Anti-Listeria activity by various modes of delivery of nisin in a broth system and release kinetics of nisin-containing food packaging

In order to identify conditions for efficient food preservation by nisin, the sensitivity of Listeria monocytogenes to this preservative was studied under the following three modes of delivery: (1) the instantaneous addition of nisin into broth medium to simulate the formulation of nisin in foods, (2) the slow delivery of nisin solution into broth medium using a pump to simulate the slow release of nisin from packaging materials to foods, and (3) a combination of the two delivery methods. We conclude that the antimicrobial effectiveness of nisin strongly depends on its mode of delivery.
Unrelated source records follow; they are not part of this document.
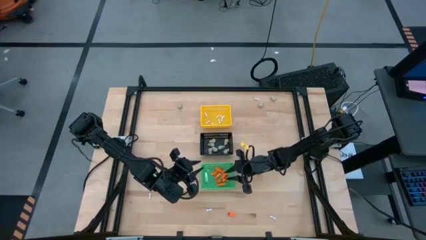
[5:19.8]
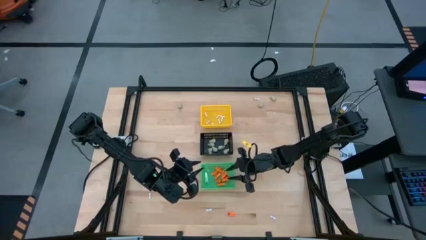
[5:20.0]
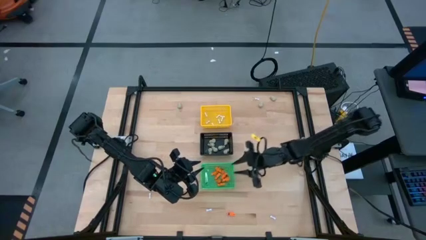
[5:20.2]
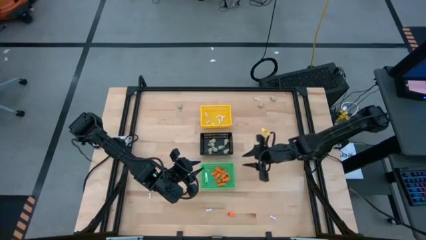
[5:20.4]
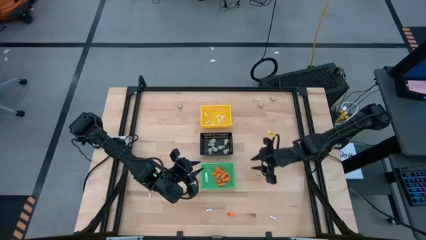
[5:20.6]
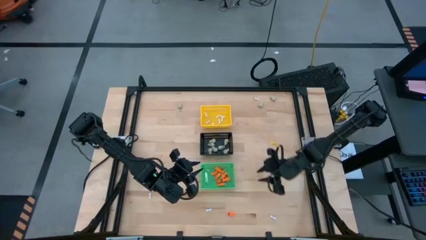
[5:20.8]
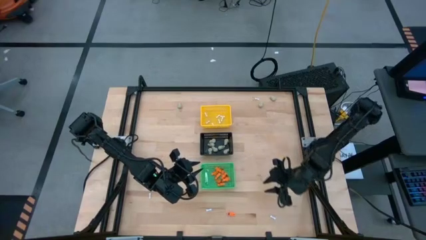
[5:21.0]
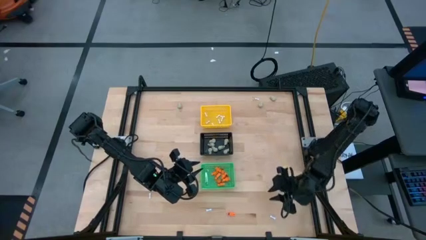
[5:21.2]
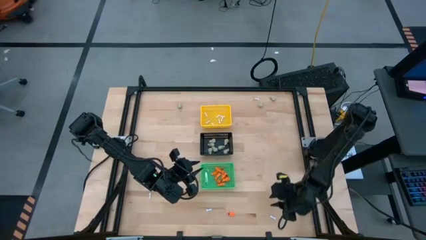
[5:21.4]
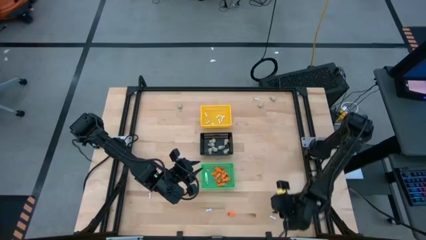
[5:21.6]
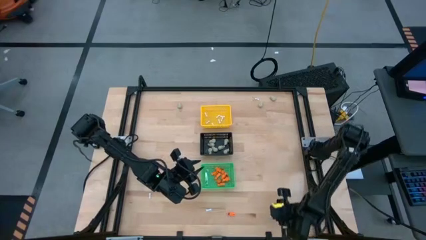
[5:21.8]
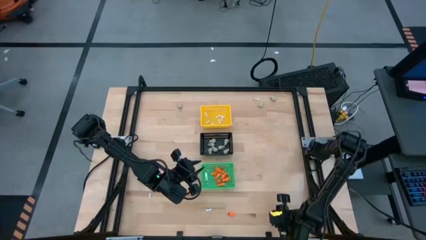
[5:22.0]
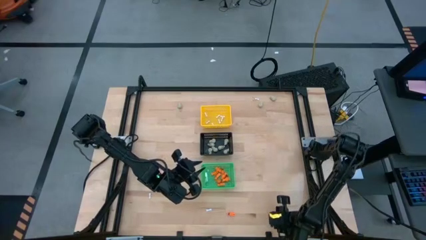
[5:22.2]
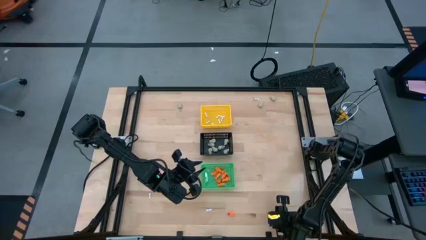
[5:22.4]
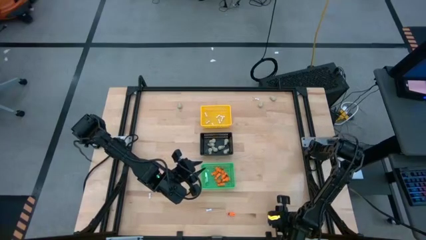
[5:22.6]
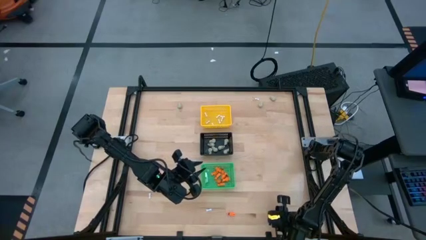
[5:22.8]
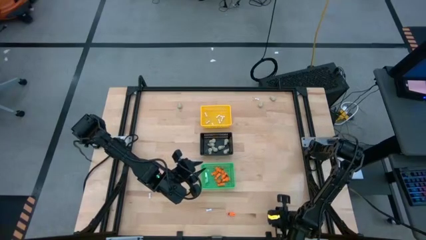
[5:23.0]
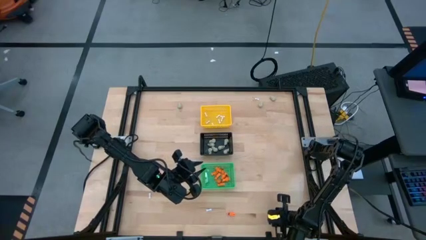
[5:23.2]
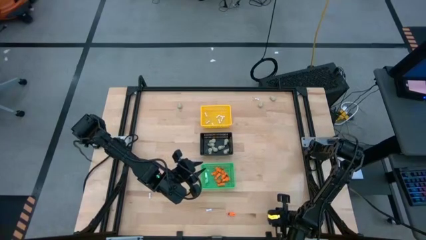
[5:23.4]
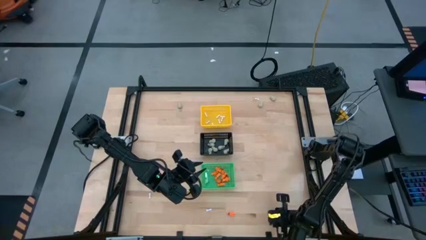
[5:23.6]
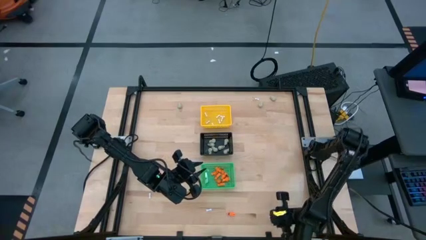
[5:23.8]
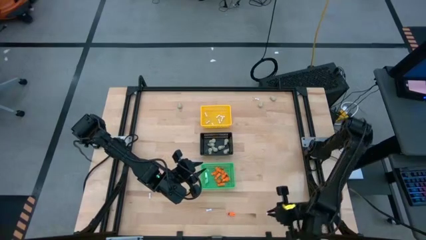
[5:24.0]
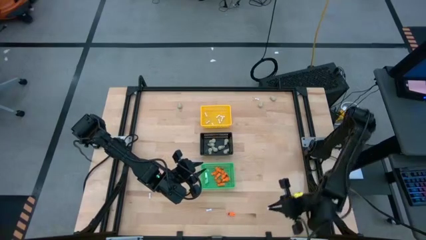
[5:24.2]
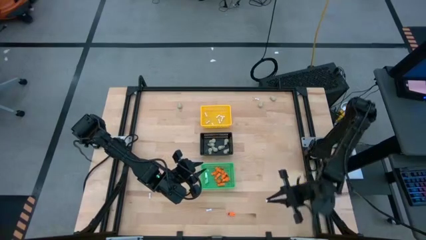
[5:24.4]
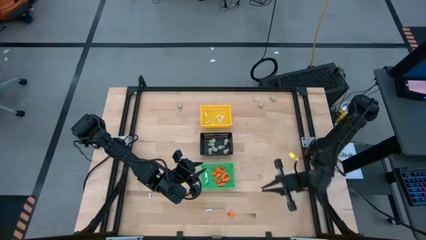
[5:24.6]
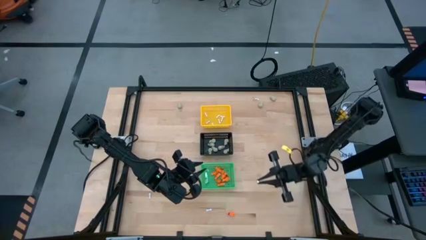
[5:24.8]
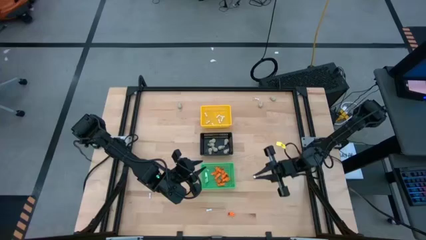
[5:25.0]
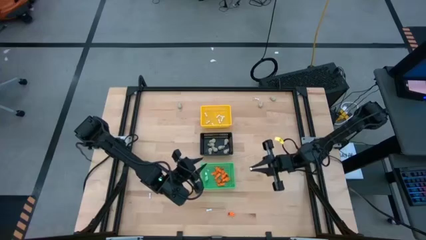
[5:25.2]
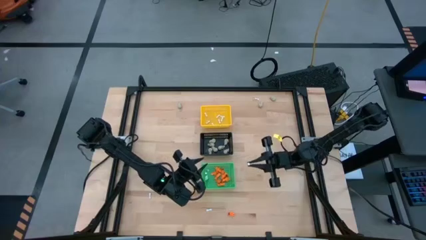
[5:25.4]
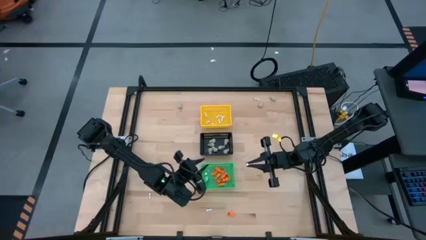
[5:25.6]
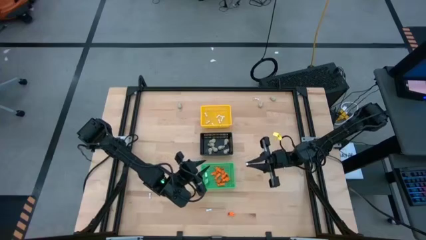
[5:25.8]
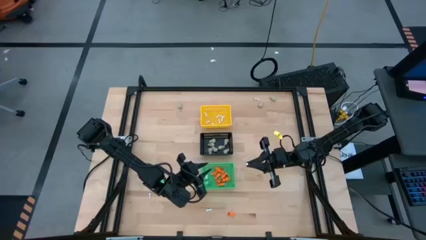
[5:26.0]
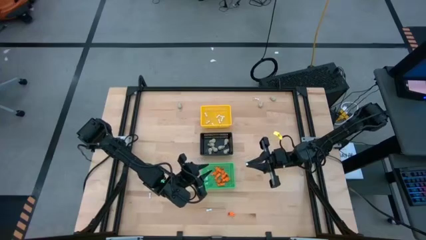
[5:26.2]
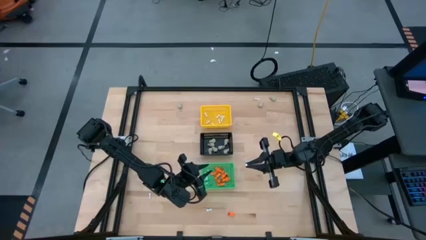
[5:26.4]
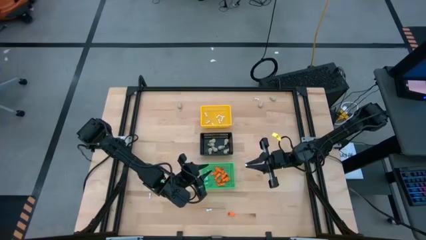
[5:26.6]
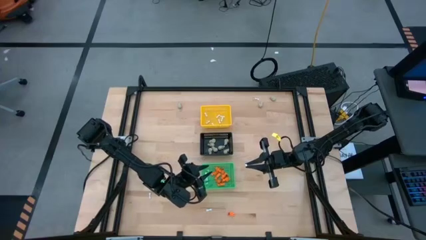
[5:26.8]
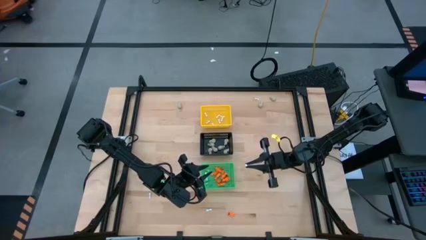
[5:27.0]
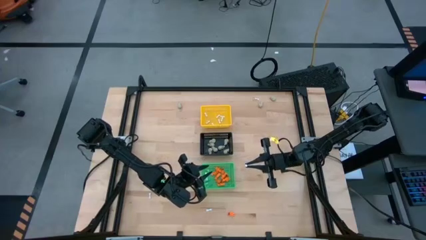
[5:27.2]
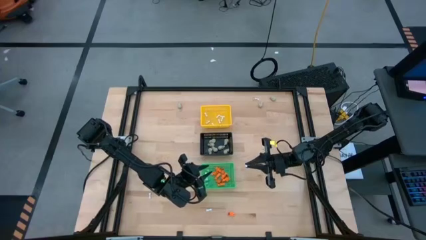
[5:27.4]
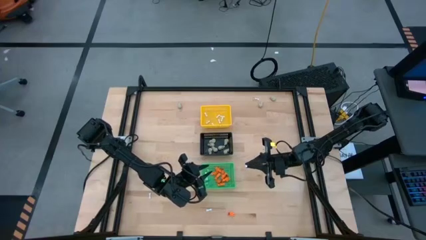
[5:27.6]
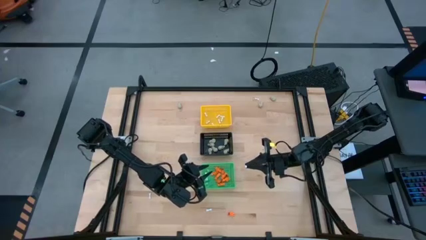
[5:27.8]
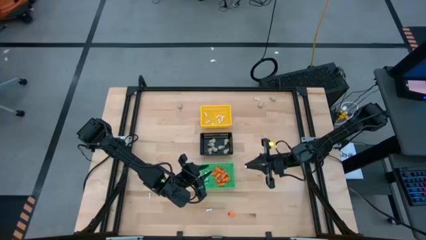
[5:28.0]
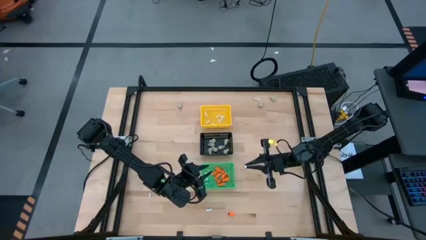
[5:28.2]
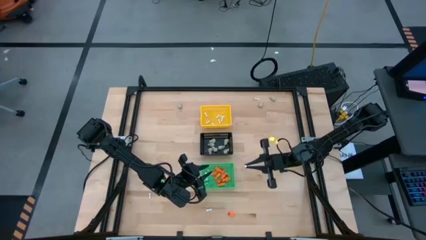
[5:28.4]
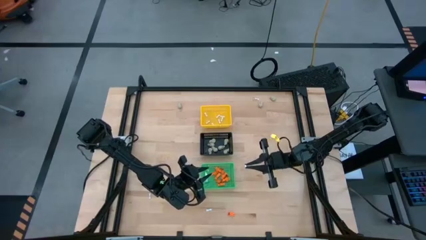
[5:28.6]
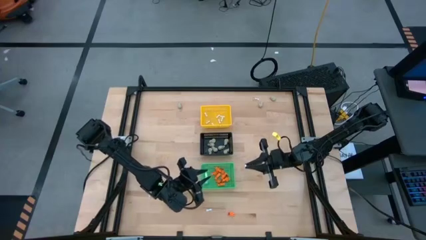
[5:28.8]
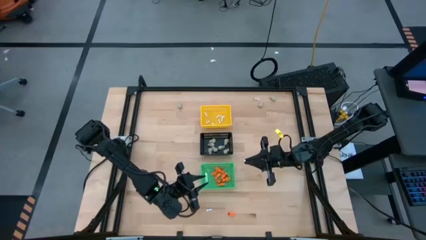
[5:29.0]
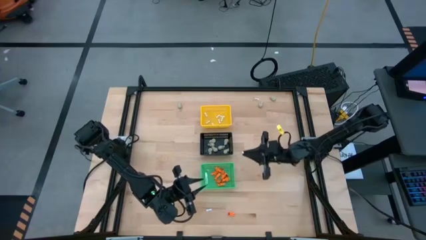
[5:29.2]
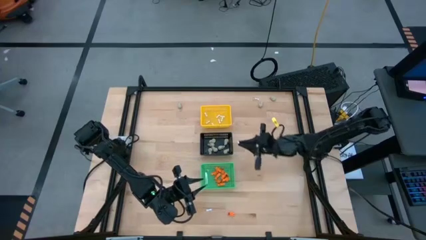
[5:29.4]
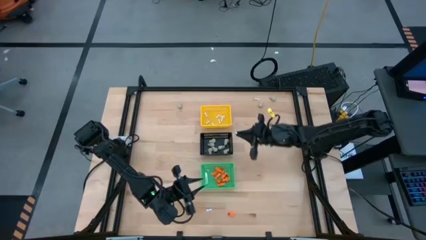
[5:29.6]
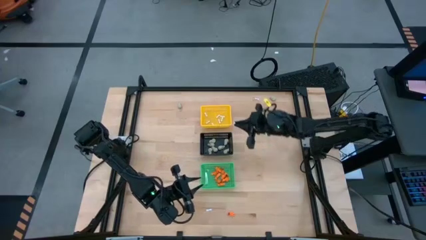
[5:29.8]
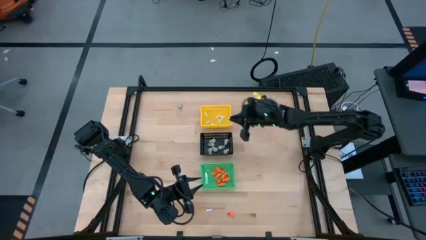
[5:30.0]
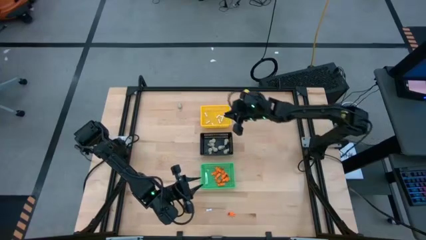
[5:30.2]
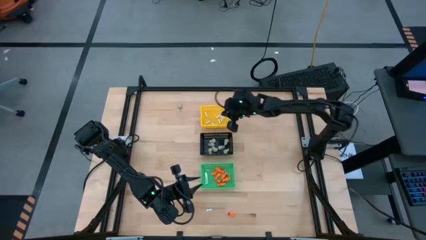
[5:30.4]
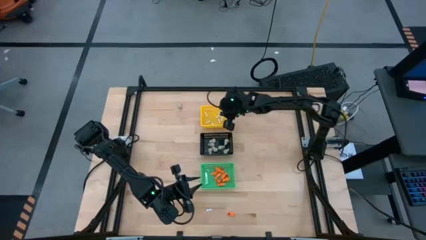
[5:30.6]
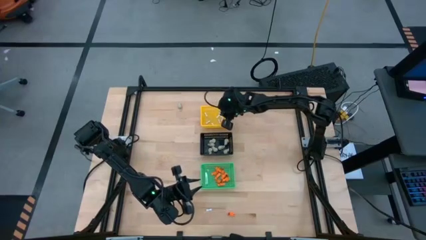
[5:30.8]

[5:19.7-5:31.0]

The instantaneous and slow methods for adding nisin inhibited L. monocytogenes , but over time of exposure, L. monocytogenes developed tolerance to nisin. Our data indicate that cells treated with instantaneously added nisin developed resistance to higher concentrations of nisin (200 IU/mL), compared to cells treated with slowly added nisin at the same total amount of the antimicrobial. Further studies indicated that nisin-tolerant cells recovered from treatments in which 200 IU/mL nisin was added instantaneously were likely to be mutants resistant to the bacteriocin. In contrast, nisin-tolerant cells recovered from treatments, when 200 IU/mL of the antimicrobial was added slowly to the cells developed only a temporary tolerance; these cells became nisin-sensitive after passage through nisin-free medium. Due to the development of nisin-resistant cells, excessive amounts of nisin in the model system did not further inhibit L. monocytogenes. These results signify that excess nisin in foods does not necessarily improve the efficiency of controlling L. monocytogenes. Our data suggest that the combination of packaging material containing nisin used in conjunction with nisin-containing foods will provide the most effective means of preventing L. monocytogenes growth.;This study also identified a major technical challenge in developing antimicrobial food packaging (AFP) research: a packaging material containing single polymers is limited to narrow ranges of active compound release rates. In order to overcome this research gap, a new approach that consists of using polymer blends and smart blend (based on the principle of chaotic advection) might be a promising approach in developing a new generation of antimicrobial food packaging.